By the time he heard footsteps, it was too late.
5
The girl screamed as she lay beneath him, strands of spittle between her wide-apart lips. With a leaping crouch, Captain Helford reached for the knife strapped to the inside of his boot, rearranging his clothes in panicked, battle-ready haste as he turned to face the night-roaming newcomer who stood watching him, two pistols at his belt. Crow was so devastatingly familiar a sight that the captain felt like a child again in his presence, as if all those months of snow, boredom, near-starvation and occasional bloody melee in Russia had melted quite away. With the detachment of a cat toying with prey, Crow watched the girl flee.

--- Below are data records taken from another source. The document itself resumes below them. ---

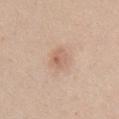Captured during whole-body skin photography for melanoma surveillance; the lesion was not biopsied. The subject is a female aged around 40. Automated image analysis of the tile measured an area of roughly 4.5 mm² and an outline eccentricity of about 0.7 (0 = round, 1 = elongated). The software also gave a within-lesion color-variation index near 4/10 and a peripheral color-asymmetry measure near 1.5. The software also gave a classifier nevus-likeness of about 30/100 and a detector confidence of about 100 out of 100 that the crop contains a lesion. Measured at roughly 3 mm in maximum diameter. The lesion is on the chest. Imaged with white-light lighting. A region of skin cropped from a whole-body photographic capture, roughly 15 mm wide.
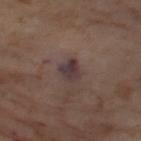Case summary:
- biopsy status — imaged on a skin check; not biopsied
- patient — female, in their mid- to late 50s
- site — the left thigh
- image source — 15 mm crop, total-body photography
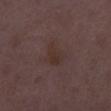Recorded during total-body skin imaging; not selected for excision or biopsy. Cropped from a total-body skin-imaging series; the visible field is about 15 mm. The total-body-photography lesion software estimated a shape eccentricity near 0.5 and a symmetry-axis asymmetry near 0.4. The analysis additionally found an average lesion color of about L≈31 a*≈15 b*≈18 (CIELAB), roughly 4 lightness units darker than nearby skin, and a lesion-to-skin contrast of about 5.5 (normalized; higher = more distinct). The software also gave a nevus-likeness score of about 0/100 and a lesion-detection confidence of about 100/100. The lesion is located on the right thigh. The tile uses white-light illumination. A female subject, in their 30s.
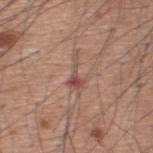Acquisition and patient details:
The patient is a male aged 58–62. Automated image analysis of the tile measured a mean CIELAB color near L≈50 a*≈21 b*≈25, about 9 CIELAB-L* units darker than the surrounding skin, and a normalized border contrast of about 7. The software also gave a border-irregularity rating of about 8.5/10 and a peripheral color-asymmetry measure near 0.5. This is a white-light tile. The lesion is located on the upper back. About 4 mm across. A region of skin cropped from a whole-body photographic capture, roughly 15 mm wide.
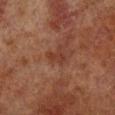Impression: Part of a total-body skin-imaging series; this lesion was reviewed on a skin check and was not flagged for biopsy. Image and clinical context: On the right lower leg. The lesion's longest dimension is about 2.5 mm. A close-up tile cropped from a whole-body skin photograph, about 15 mm across. A male subject roughly 70 years of age.
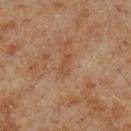workup = imaged on a skin check; not biopsied | patient = male, about 70 years old | body site = the leg | automated lesion analysis = a lesion color around L≈48 a*≈21 b*≈33 in CIELAB, roughly 5 lightness units darker than nearby skin, and a normalized lesion–skin contrast near 4.5; an automated nevus-likeness rating near 0 out of 100 and a lesion-detection confidence of about 100/100 | image = total-body-photography crop, ~15 mm field of view | lighting = cross-polarized illumination.
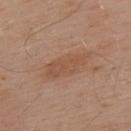Q: Was a biopsy performed?
A: no biopsy performed (imaged during a skin exam)
Q: How was this image acquired?
A: total-body-photography crop, ~15 mm field of view
Q: Where on the body is the lesion?
A: the back
Q: Who is the patient?
A: male, roughly 55 years of age
Q: Automated lesion metrics?
A: a lesion color around L≈52 a*≈21 b*≈31 in CIELAB and a normalized lesion–skin contrast near 5.5; border irregularity of about 3 on a 0–10 scale, a within-lesion color-variation index near 2/10, and peripheral color asymmetry of about 1
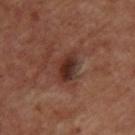Part of a total-body skin-imaging series; this lesion was reviewed on a skin check and was not flagged for biopsy. Approximately 4 mm at its widest. On the upper back. Captured under cross-polarized illumination. Cropped from a whole-body photographic skin survey; the tile spans about 15 mm. A female patient, in their mid- to late 40s.
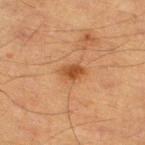Clinical summary:
Approximately 3 mm at its widest. The patient is a male aged around 85 or older. The lesion is on the right thigh. A 15 mm crop from a total-body photograph taken for skin-cancer surveillance. Captured under cross-polarized illumination.
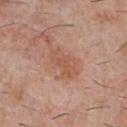follow-up: no biopsy performed (imaged during a skin exam)
subject: male, aged 28 to 32
diameter: ≈4.5 mm
anatomic site: the chest
acquisition: ~15 mm crop, total-body skin-cancer survey
automated metrics: an outline eccentricity of about 0.8 (0 = round, 1 = elongated) and a shape-asymmetry score of about 0.25 (0 = symmetric); a lesion color around L≈55 a*≈23 b*≈31 in CIELAB, about 7 CIELAB-L* units darker than the surrounding skin, and a normalized lesion–skin contrast near 5.5; an automated nevus-likeness rating near 10 out of 100 and lesion-presence confidence of about 100/100
tile lighting: white-light
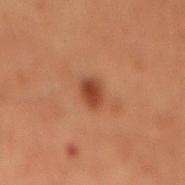Assessment:
Recorded during total-body skin imaging; not selected for excision or biopsy.
Background:
A roughly 15 mm field-of-view crop from a total-body skin photograph. A male patient roughly 60 years of age. The lesion is located on the mid back. Captured under cross-polarized illumination. About 2.5 mm across.
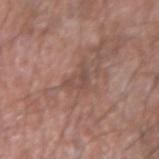| feature | finding |
|---|---|
| workup | total-body-photography surveillance lesion; no biopsy |
| body site | the left forearm |
| patient | male, approximately 55 years of age |
| image source | ~15 mm crop, total-body skin-cancer survey |
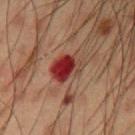Assessment:
Recorded during total-body skin imaging; not selected for excision or biopsy.
Context:
A close-up tile cropped from a whole-body skin photograph, about 15 mm across. From the right upper arm. A male patient, aged 53–57.
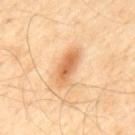The lesion was tiled from a total-body skin photograph and was not biopsied. The subject is a male aged around 55. A 15 mm close-up extracted from a 3D total-body photography capture. On the mid back.
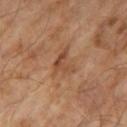<lesion>
  <biopsy_status>not biopsied; imaged during a skin examination</biopsy_status>
  <patient>
    <sex>male</sex>
    <age_approx>65</age_approx>
  </patient>
  <image>
    <source>total-body photography crop</source>
    <field_of_view_mm>15</field_of_view_mm>
  </image>
  <automated_metrics>
    <area_mm2_approx>5.0</area_mm2_approx>
    <eccentricity>0.65</eccentricity>
    <shape_asymmetry>0.55</shape_asymmetry>
    <cielab_L>46</cielab_L>
    <cielab_a>21</cielab_a>
    <cielab_b>32</cielab_b>
    <vs_skin_darker_L>8.0</vs_skin_darker_L>
    <vs_skin_contrast_norm>6.0</vs_skin_contrast_norm>
    <nevus_likeness_0_100>0</nevus_likeness_0_100>
  </automated_metrics>
</lesion>
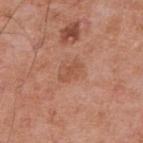A 15 mm close-up tile from a total-body photography series done for melanoma screening. A male patient, about 55 years old. The lesion is located on the back. The total-body-photography lesion software estimated a lesion–skin lightness drop of about 7 and a normalized lesion–skin contrast near 5.5. And it measured a nevus-likeness score of about 5/100 and a lesion-detection confidence of about 100/100.
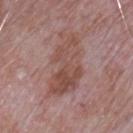This lesion was catalogued during total-body skin photography and was not selected for biopsy.
A male subject aged 63–67.
This is a white-light tile.
The lesion is on the front of the torso.
A 15 mm close-up extracted from a 3D total-body photography capture.
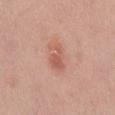Assessment: Captured during whole-body skin photography for melanoma surveillance; the lesion was not biopsied. Background: A roughly 15 mm field-of-view crop from a total-body skin photograph. Approximately 4 mm at its widest. The lesion is on the mid back. The tile uses white-light illumination. A male patient approximately 35 years of age.
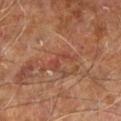notes = no biopsy performed (imaged during a skin exam) | subject = male, aged around 60 | automated metrics = a footprint of about 4.5 mm² and a shape eccentricity near 0.9; an average lesion color of about L≈43 a*≈26 b*≈29 (CIELAB), roughly 6 lightness units darker than nearby skin, and a normalized border contrast of about 5; a within-lesion color-variation index near 1/10 and a peripheral color-asymmetry measure near 0.5; an automated nevus-likeness rating near 0 out of 100 and a lesion-detection confidence of about 85/100 | acquisition = 15 mm crop, total-body photography | size = about 3.5 mm | lighting = cross-polarized illumination | body site = the right leg.
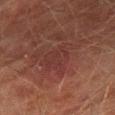Q: What are the patient's age and sex?
A: male, aged 73 to 77
Q: What is the imaging modality?
A: 15 mm crop, total-body photography
Q: Lesion location?
A: the right thigh
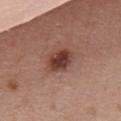| feature | finding |
|---|---|
| size | about 3.5 mm |
| image source | total-body-photography crop, ~15 mm field of view |
| subject | female, about 40 years old |
| body site | the chest |
| tile lighting | white-light illumination |
| TBP lesion metrics | a color-variation rating of about 5.5/10 and peripheral color asymmetry of about 2; a classifier nevus-likeness of about 95/100 and a detector confidence of about 100 out of 100 that the crop contains a lesion |

She disappeared into the trees, still sobbing with fear, and only then did Captain Helford suffer his brother’s full attention. It was damnably odd how much smaller Crow seemed to have got since they had last met. He was barely an inch the taller now, with that scent of cigarillo smoke and rosemary laundry soap, and the attendant familiar hostility. The captain found it quite impossible to speak, an affliction that did not appear to affect his brother, who addressed him as if they’d recently encountered one another at a ball.
‘Bonsoir, Christophe,’ Crow said in idle, laconic French. ‘Do forgive the interruption. How extraordinary to encounter you here. We were expecting you for Christmas and it’s January: I must own I’d quite given you up.’
‘Oh, never mind that! Have you any idea what everyone’s saying about you in every tavern between here and Plymouth?’ Captain Helford demanded. ‘I don’t know what kind of game you’re playing, Crow, but they’re calling you the King of Cornwall, when we still don’t even have a King of England. Everyone’s saying you’re as good as a traitor.’
‘Have you finished?’ Crow asked. ‘Because I take it the legal property of Hawkins Boscobel is now c
oncealed in the creep-tunnel and you’ve just aided and abetted the theft of a cargo from another man’s boat wrecked on my beach. Naturally you’ll explain the entire situation in your own good time.’
Captain Helford mastered himself, wrestling with the particularly acute fury that only his brother could induce, with that high-handed way of talking as though one were a servant, or a child. ‘I landed at Plymouth a week ago,’ he said. ‘When I got to Fowey, one of your caravels was putting out – the Brieuze. Captain Douglas took me aboard. Everyone’s saying you’ve turned against England – that you’re leading Cornwall into allegiance with France, or the Russians—’
Crow interrupted him with complete lack of ceremony. ‘A day after the Deliverance went down with over seventy men, all lost save a single boy, and you order the crew of one of my ships to make an unscheduled stop in an onshore wind? Jesus fucking Christ, have they been teaching you inexcusable stupidity in Russia as well as how to kill Frenchmen?’
Captain Helford fought for words, and he wanted to sink through the ground. ‘I didn’t know about the Deliverance then,’ he said, ‘none of us did. Word hadn’t got that far north by the time we left Fowey. We didn’t go alongside the quay – I ordered Douglas to drop anchor well beyond Carn Du. We rowed in.’